TASK DATA section start
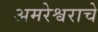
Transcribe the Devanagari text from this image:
अमरेश्वराचे
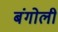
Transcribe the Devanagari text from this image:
बंगोली
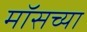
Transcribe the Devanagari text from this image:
मॉसच्या
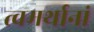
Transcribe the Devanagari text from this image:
त्वमर्थानां
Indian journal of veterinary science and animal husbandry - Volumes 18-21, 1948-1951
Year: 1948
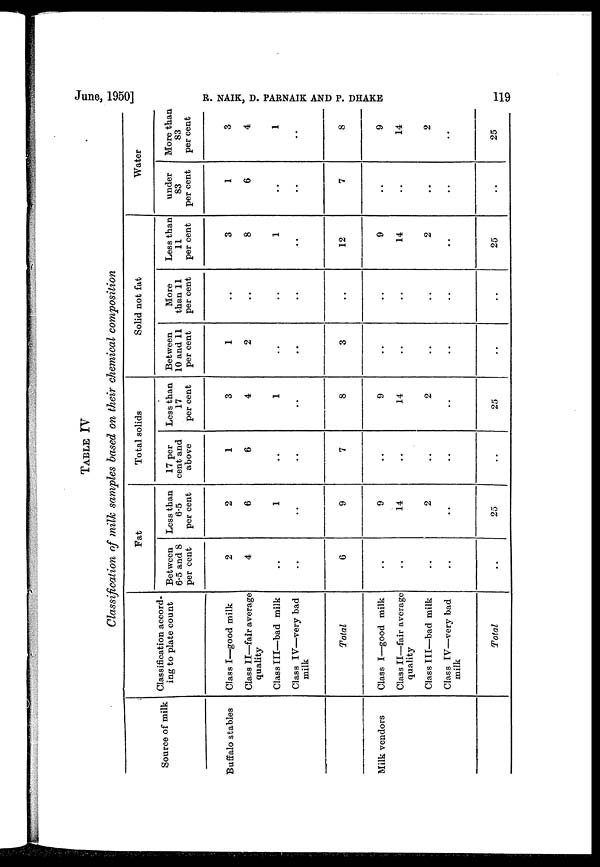
June, 1950]
R.
NAIK,
D.
PARNAIK
AND
P.
DHAKE
119
TABLE IV
Classification of milk samples based on their chemical composition
Source of milk
Buffalo stables
Milk vendors
Classification accord-
ing to plate count
Class I—good milk
Class II—fair average
quality
Class III—bad milk
Class IV—very bad
milk
Total
Class I—good milk
Class II—fair average
quality
Class III—bad milk
Class IV—very bad
milk
Total
Fat
Between
6.5 and 8
per cent
2
4
..
..
6
..
..
..
..
..
Less than
6.5
per cent
2
6
1
..
9
9
14
2
..
25
Total solids
17 per
cent and
above
1
6
..
..
7
..
..
..
..
..
Less than
17
per cent
3
4
1
..
8
9
14
2
..
25
Solid not fat
Between
10 and 11
per cent
1
2
..
..
3
..
..
..
..
..
More
than 11
per cent
..
..
..
..
..
..
..
..
..
..
Less than
11
per cent
3
8
1
..
12
9
14
2
..
25
Water
under
83
per cent
1
6
..
..
7
..
..
..
..
..
More than
83
per cent
3
4
1
..
8
9
14
2
..
25
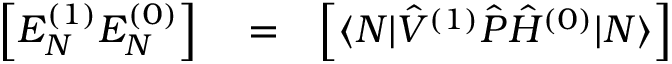
\begin{array} { r l r } { \Big [ E _ { N } ^ { ( 1 ) } E _ { N } ^ { ( 0 ) } \Big ] } & { { } = } & { \Big [ \langle N | \hat { V } ^ { ( 1 ) } \hat { P } \hat { H } ^ { ( 0 ) } | N \rangle \Big ] } \end{array}
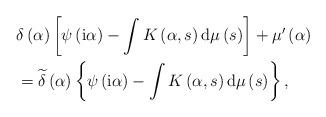
LaTeX: \begin{align*}& \delta\left( \alpha\right) \left[ \psi\left( \mathrm{i}\alpha\right)-\int K\left( \alpha,s\right) \mathrm{d}\mu\left( s\right) \right]+\mu^{\prime}\left( \alpha\right) \\& =\widetilde{\delta}\left( \alpha\right) \left\{ \psi\left(\mathrm{i}\alpha\right) -\int K\left( \alpha,s\right) \mathrm{d}\mu\left(s\right) \right\} ,\end{align*}
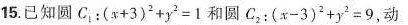
15.已知圆C_{1}：$$( x + 3 ) ^ { 2 } + y ^ { 2 } = 1$$和圆C_{2}：$$( x - 3 ) ^ { 2 }+ y ^ { 2 } = 9$$，动
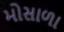
મોસાળા
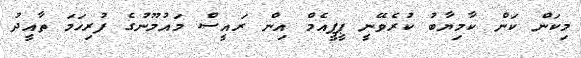
މިކަން ކަން ކާމިޔާބު ކުރެވޭނީ ޕީޕީއެމް އިން ރައީސް މައުމޫނުގެ ފުރިހަމަ ތާއީދު
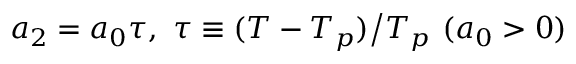
a _ { 2 } = a _ { 0 } \tau , \, \, \tau \equiv ( T - T _ { p } ) \big / T _ { p } \, \, ( a _ { 0 } > 0 )
TASK DATA section end
__REQUIRED WORK__:
Reproduce every record above exactly, but leave out the pictures.

__TASK OUTPUT__:
Transcribe the Devanagari text from this image:
अमरेश्वराचे
Transcribe the Devanagari text from this image:
बंगोली
Transcribe the Devanagari text from this image:
मॉसच्या
Transcribe the Devanagari text from this image:
त्वमर्थानां
Indian journal of veterinary science and animal husbandry - Volumes 18-21, 1948-1951
Year: 1948
June, 1950]
R.
NAIK,
D.
PARNAIK
AND
P.
DHAKE
119
TABLE IV
Classification of milk samples based on their chemical composition
Source of milk
Buffalo stables
Milk vendors
Classification accord-
ing to plate count
Class I—good milk
Class II—fair average
quality
Class III—bad milk
Class IV—very bad
milk
Total
Class I—good milk
Class II—fair average
quality
Class III—bad milk
Class IV—very bad
milk
Total
Fat
Between
6.5 and 8
per cent
2
4
..
..
6
..
..
..
..
..
Less than
6.5
per cent
2
6
1
..
9
9
14
2
..
25
Total solids
17 per
cent and
above
1
6
..
..
7
..
..
..
..
..
Less than
17
per cent
3
4
1
..
8
9
14
2
..
25
Solid not fat
Between
10 and 11
per cent
1
2
..
..
3
..
..
..
..
..
More
than 11
per cent
..
..
..
..
..
..
..
..
..
..
Less than
11
per cent
3
8
1
..
12
9
14
2
..
25
Water
under
83
per cent
1
6
..
..
7
..
..
..
..
..
More than
83
per cent
3
4
1
..
8
9
14
2
..
25
\begin{array} { r l r } { \Big [ E _ { N } ^ { ( 1 ) } E _ { N } ^ { ( 0 ) } \Big ] } & { { } = } & { \Big [ \langle N | \hat { V } ^ { ( 1 ) } \hat { P } \hat { H } ^ { ( 0 ) } | N \rangle \Big ] } \end{array}
LaTeX: \begin{align*}& \delta\left( \alpha\right) \left[ \psi\left( \mathrm{i}\alpha\right)-\int K\left( \alpha,s\right) \mathrm{d}\mu\left( s\right) \right]+\mu^{\prime}\left( \alpha\right) \\& =\widetilde{\delta}\left( \alpha\right) \left\{ \psi\left(\mathrm{i}\alpha\right) -\int K\left( \alpha,s\right) \mathrm{d}\mu\left(s\right) \right\} ,\end{align*}
15.已知圆C_{1}：$$( x + 3 ) ^ { 2 } + y ^ { 2 } = 1$$和圆C_{2}：$$( x - 3 ) ^ { 2 }+ y ^ { 2 } = 9$$，动
મોસાળા
މިކަން ކަން ކާމިޔާބު ކުރެވޭނީ ޕީޕީއެމް އިން ރައީސް މައުމޫނުގެ ފުރިހަމަ ތާއީދު
a _ { 2 } = a _ { 0 } \tau , \, \, \tau \equiv ( T - T _ { p } ) \big / T _ { p } \, \, ( a _ { 0 } > 0 )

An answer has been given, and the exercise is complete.